### Information provided
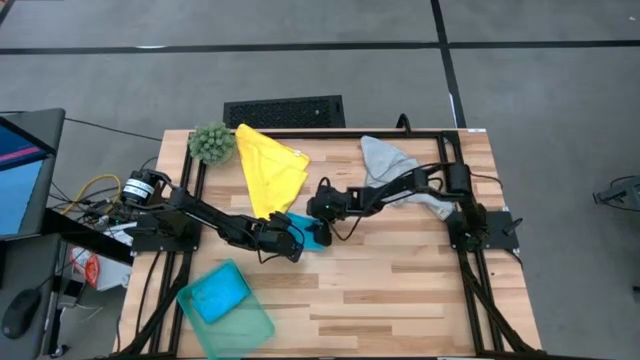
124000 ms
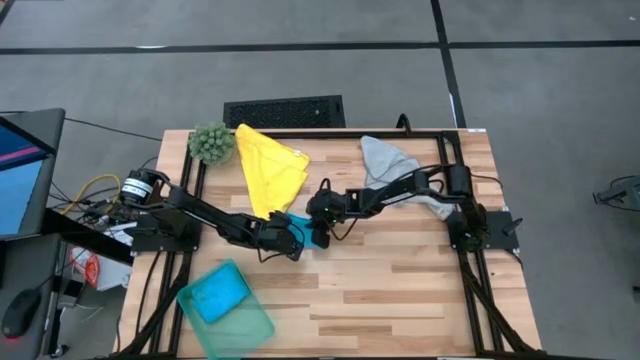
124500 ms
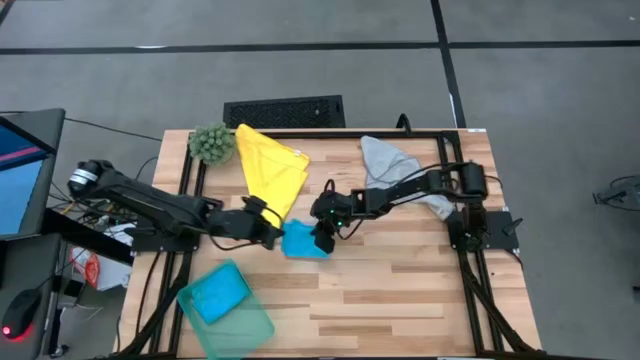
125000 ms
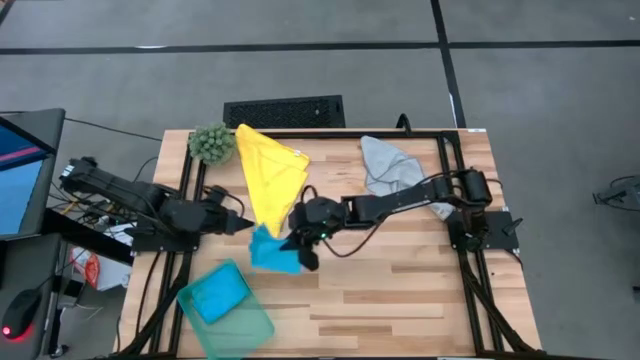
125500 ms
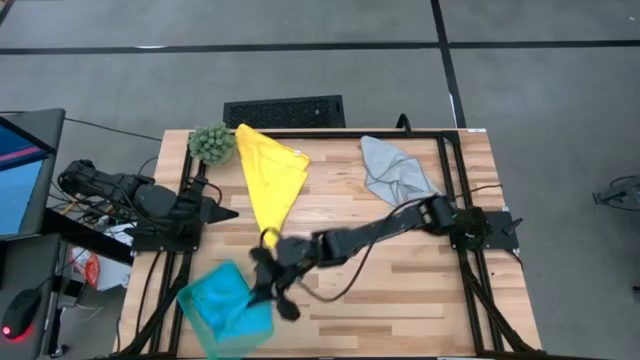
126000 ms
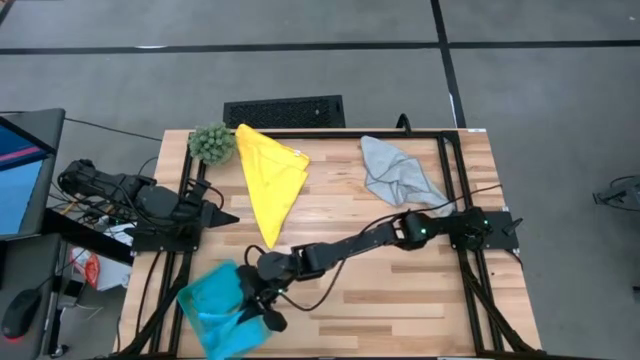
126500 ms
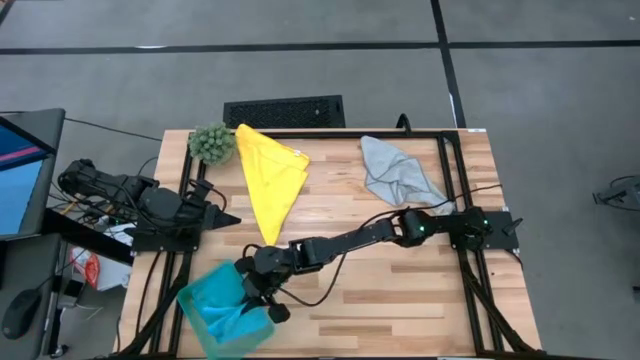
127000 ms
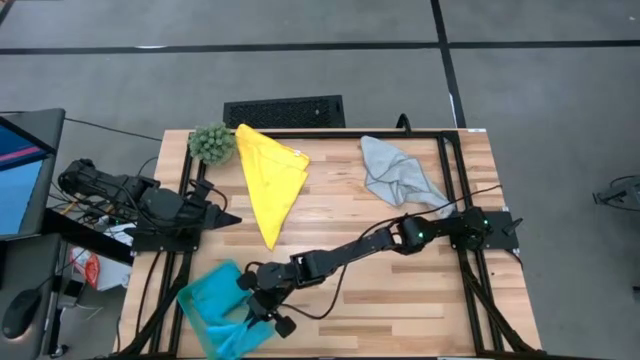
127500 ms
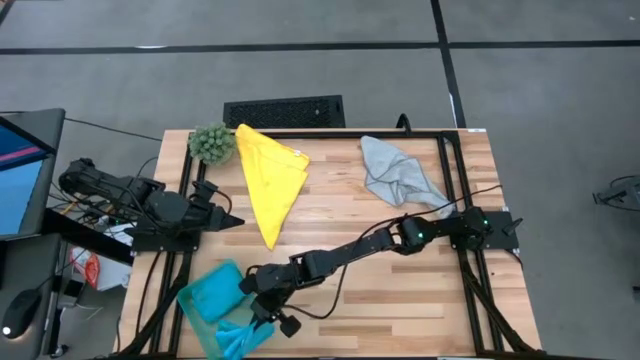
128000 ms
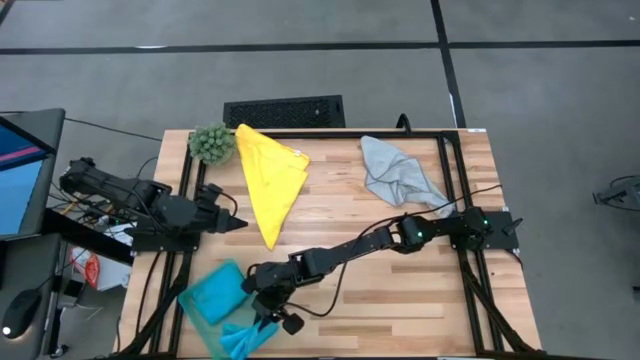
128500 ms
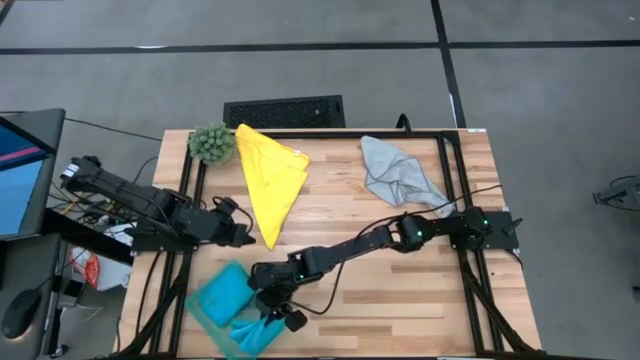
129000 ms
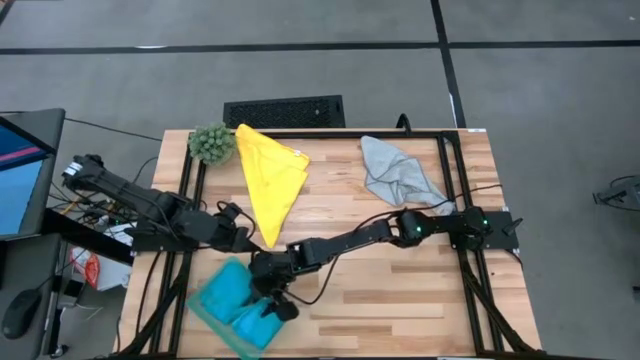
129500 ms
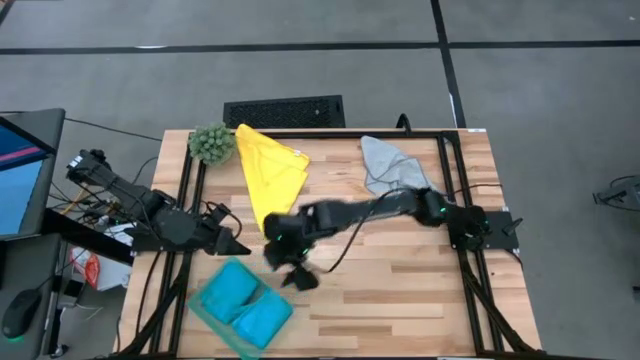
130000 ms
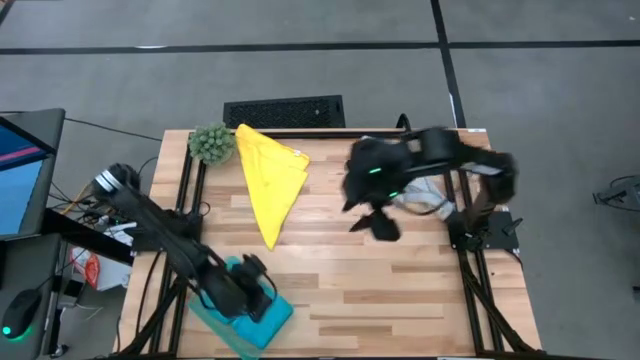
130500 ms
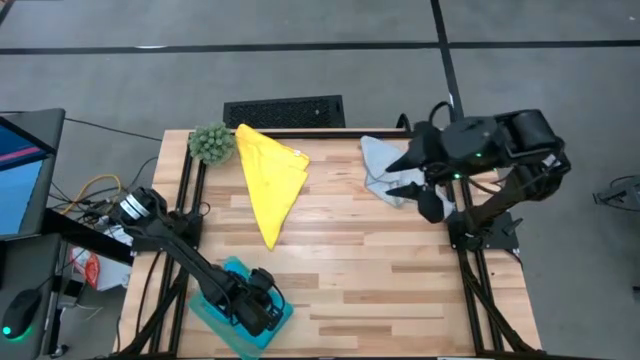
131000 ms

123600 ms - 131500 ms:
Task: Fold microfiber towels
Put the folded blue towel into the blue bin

### Work request
Keep each line of the records exactly as it is while transcribing them, but leave the images behind.

### Solution below
124000 ms
124500 ms
125000 ms
125500 ms
126000 ms
126500 ms
127000 ms
127500 ms
128000 ms
128500 ms
129000 ms
129500 ms
130000 ms
130500 ms
131000 ms

123600 ms - 131500 ms:
Task: Fold microfiber towels
Put the folded blue towel into the blue bin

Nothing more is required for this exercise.